> _INPUT DATA_:
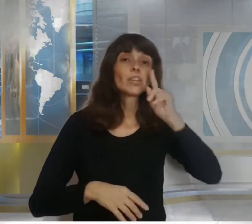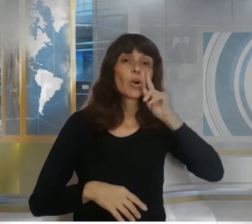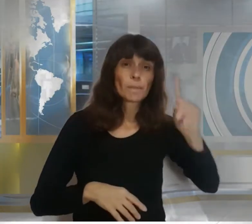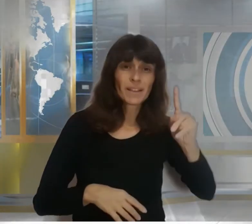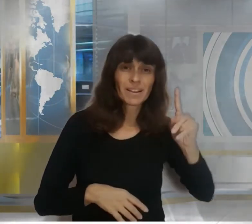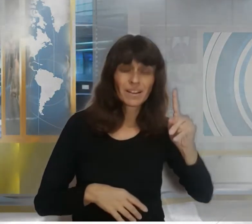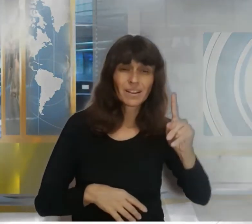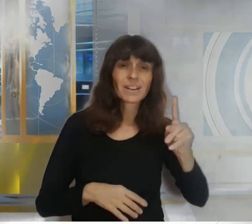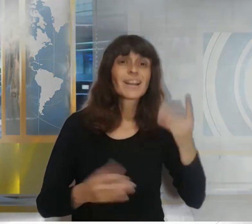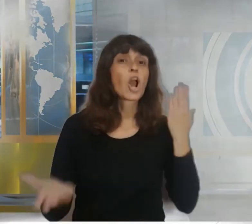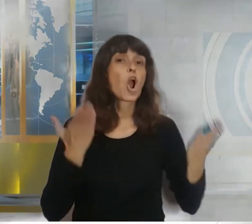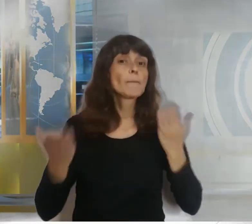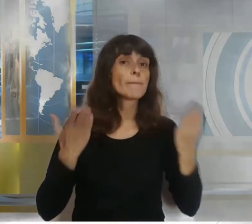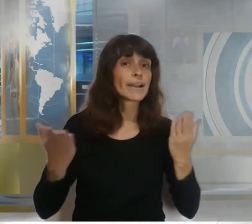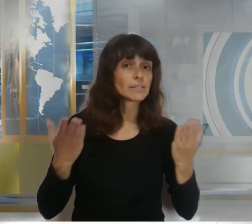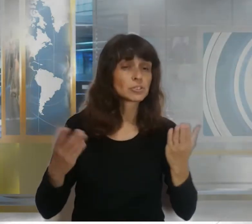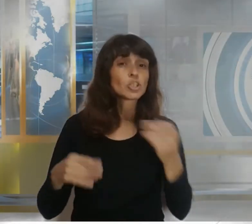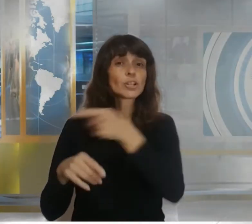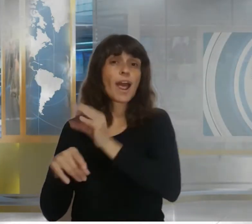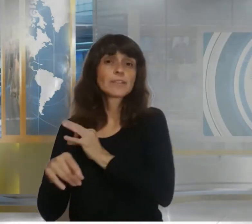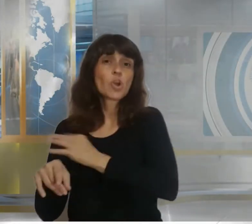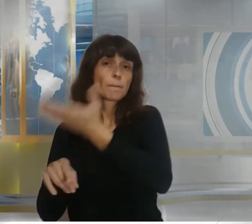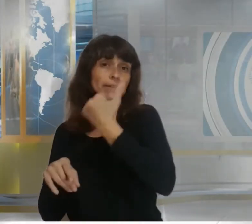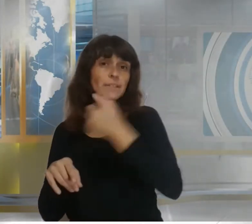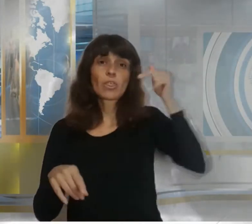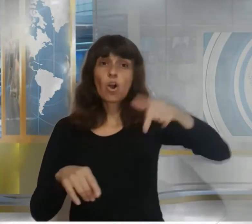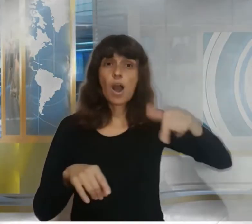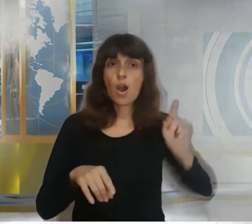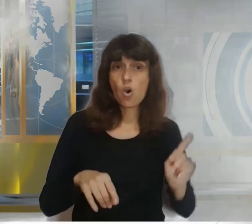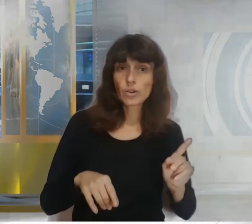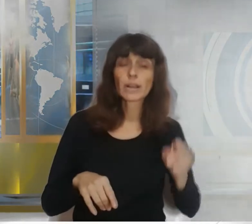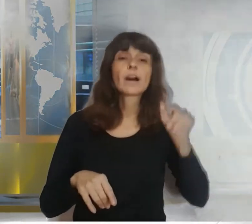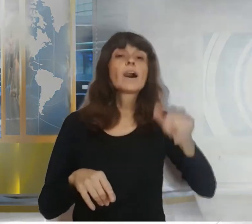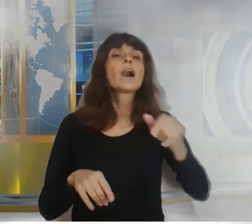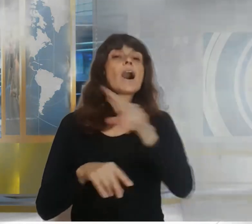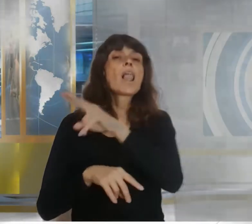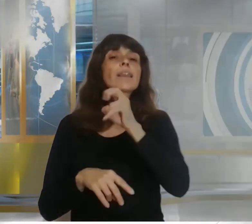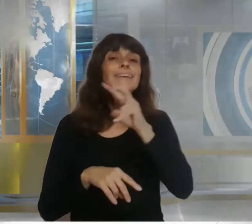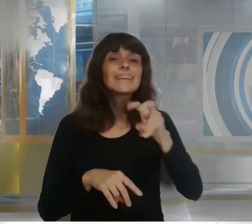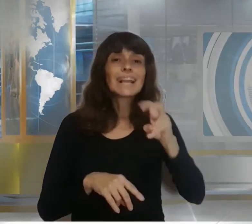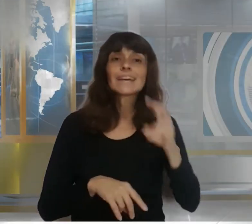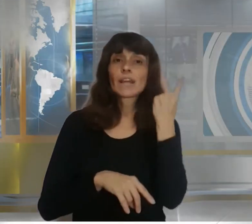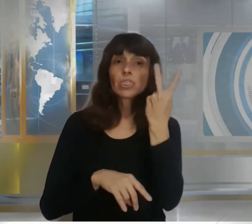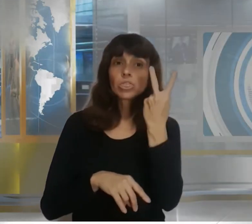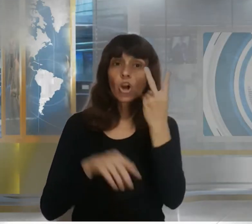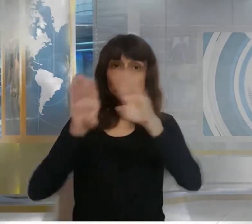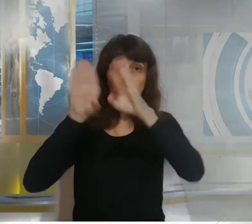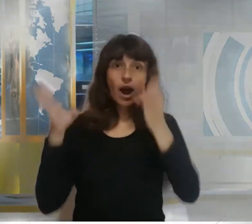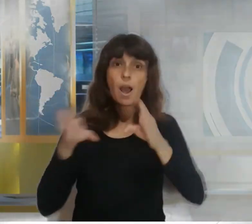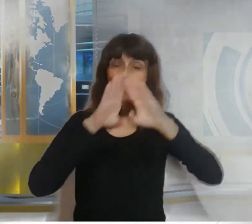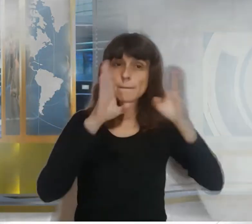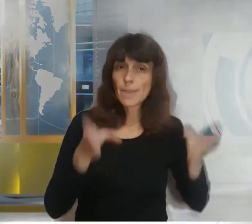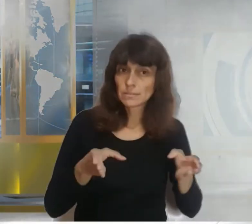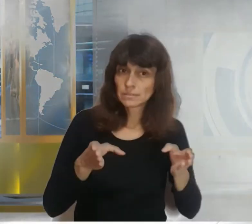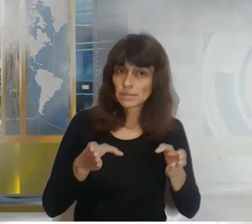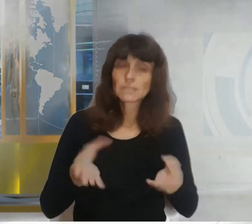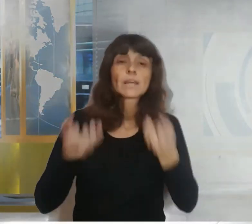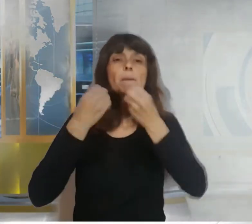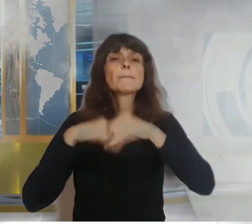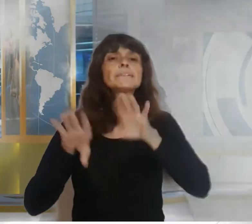alquileres pues los alquileres de un 2 ambientes arrancaron el año en 25 mil pesos y en el caso de un
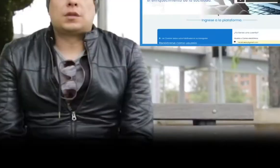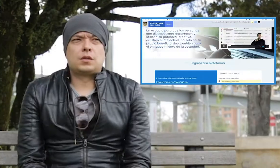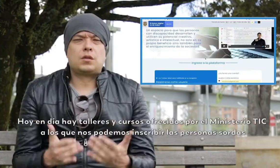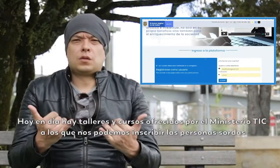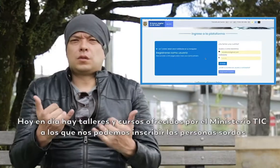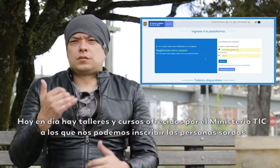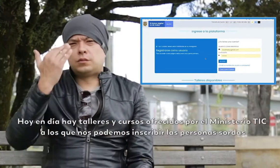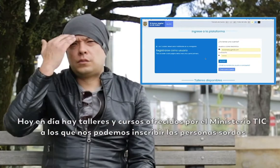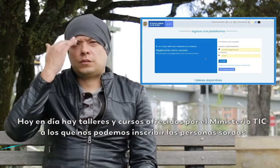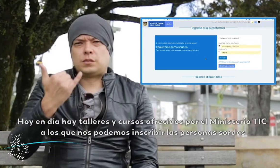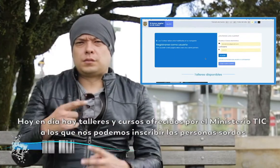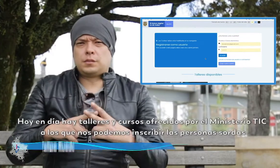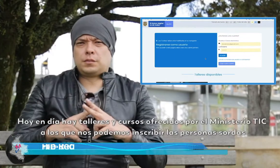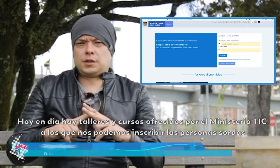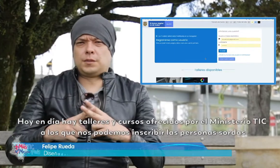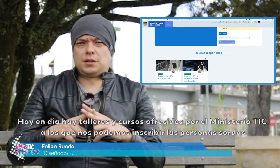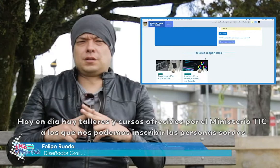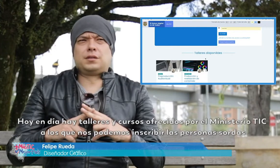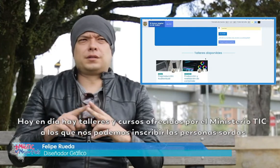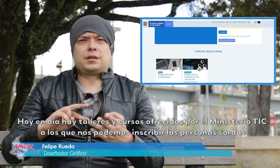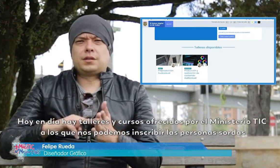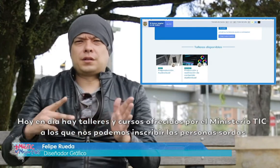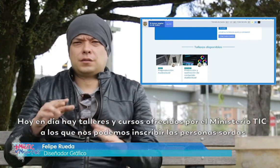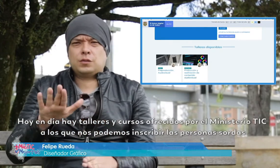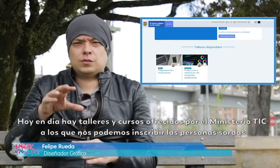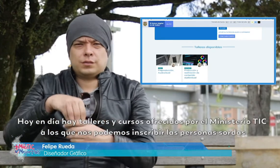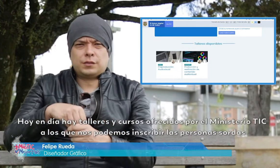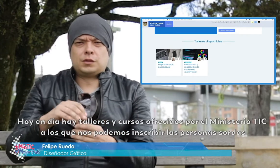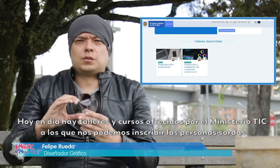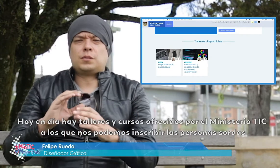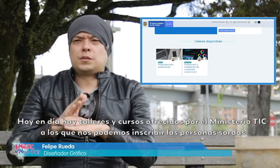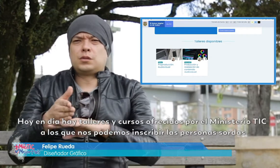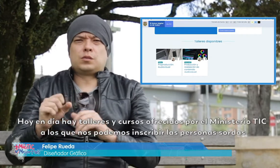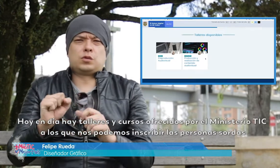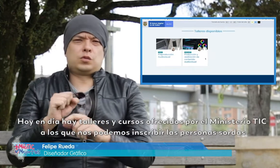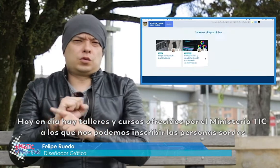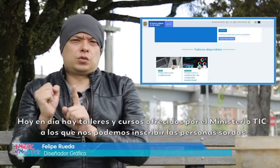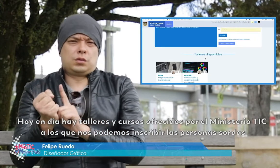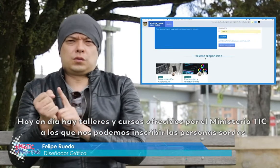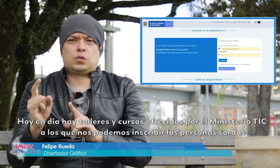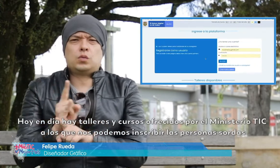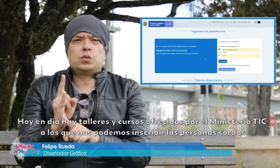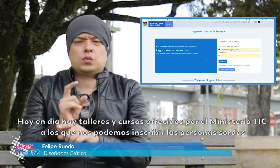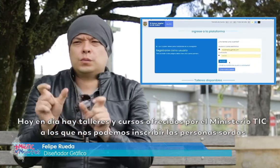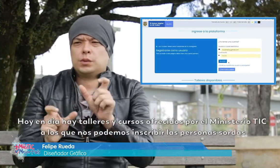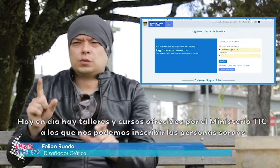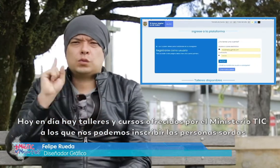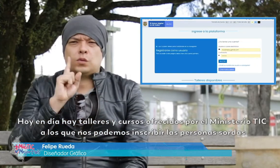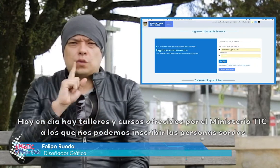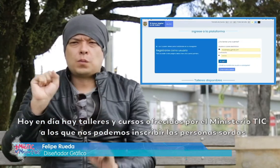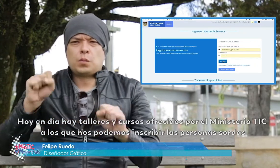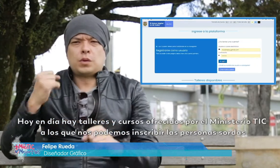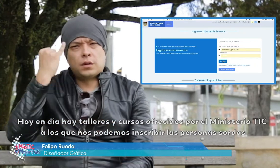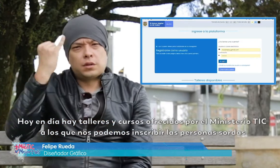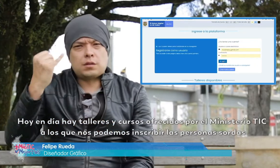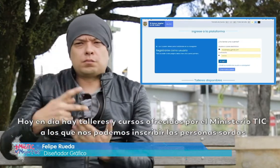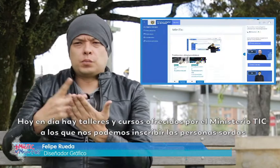Hoy en día hay talleres y cursos ofrecidos por el Ministerio TIC a los que nos podemos inscribir las personas sordas.
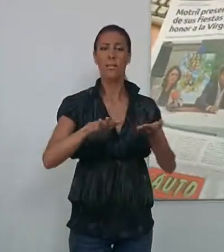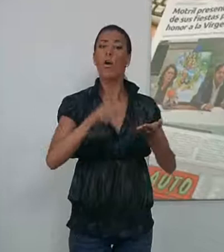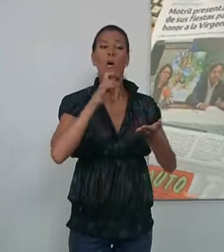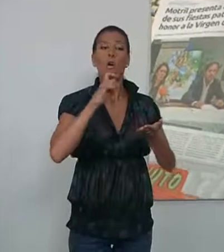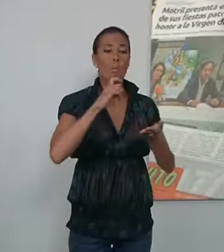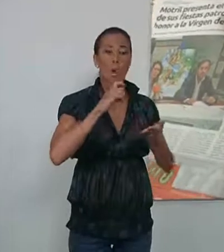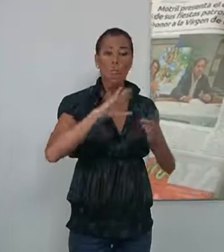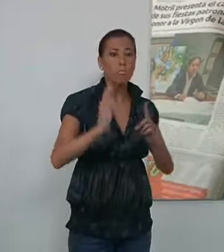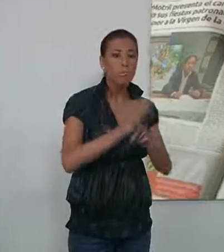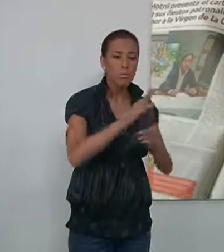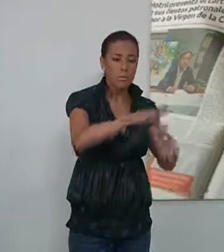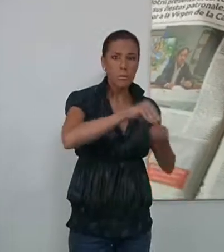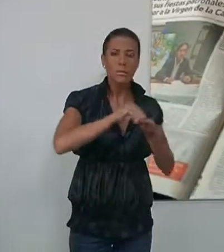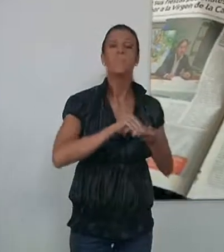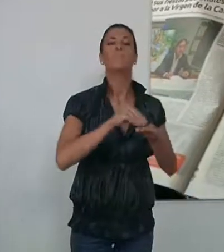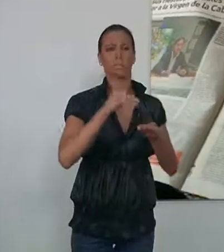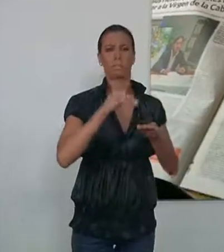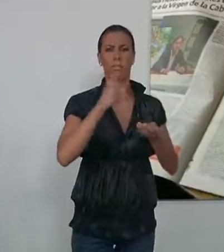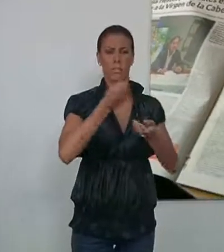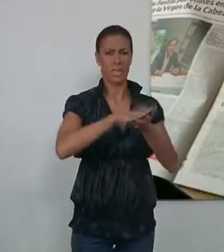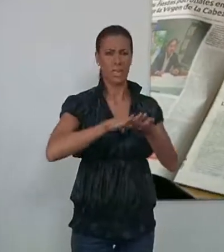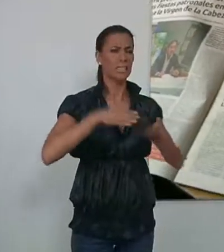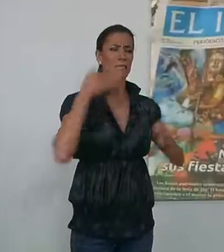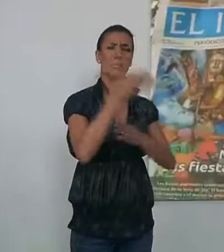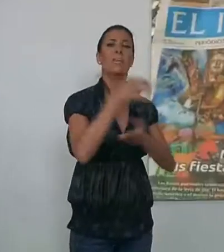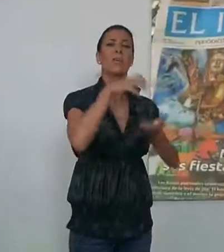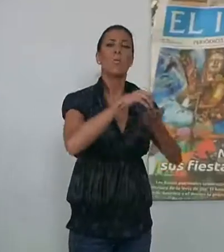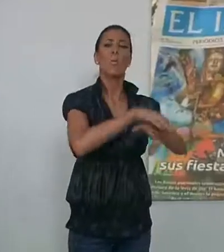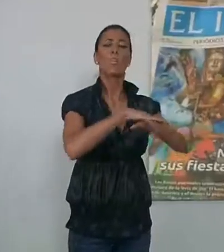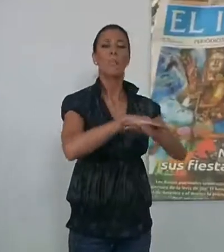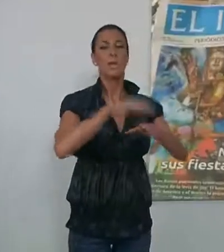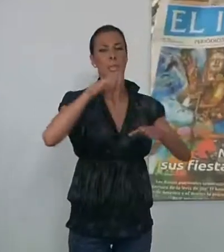conseguirse en los lugares habituales como dependencias municipales o anunciantes.

> _WHAT YOU ARE ASKED TO DO_:
Write out the whole listing exactly, and drop the pictures.

> _WRITTEN SOLUTION_:
alquileres pues los alquileres de un 2 ambientes arrancaron el año en 25 mil pesos y en el caso de un
Hoy en día hay talleres y cursos ofrecidos por el Ministerio TIC a los que nos podemos inscribir las personas sordas.
conseguirse en los lugares habituales como dependencias municipales o anunciantes.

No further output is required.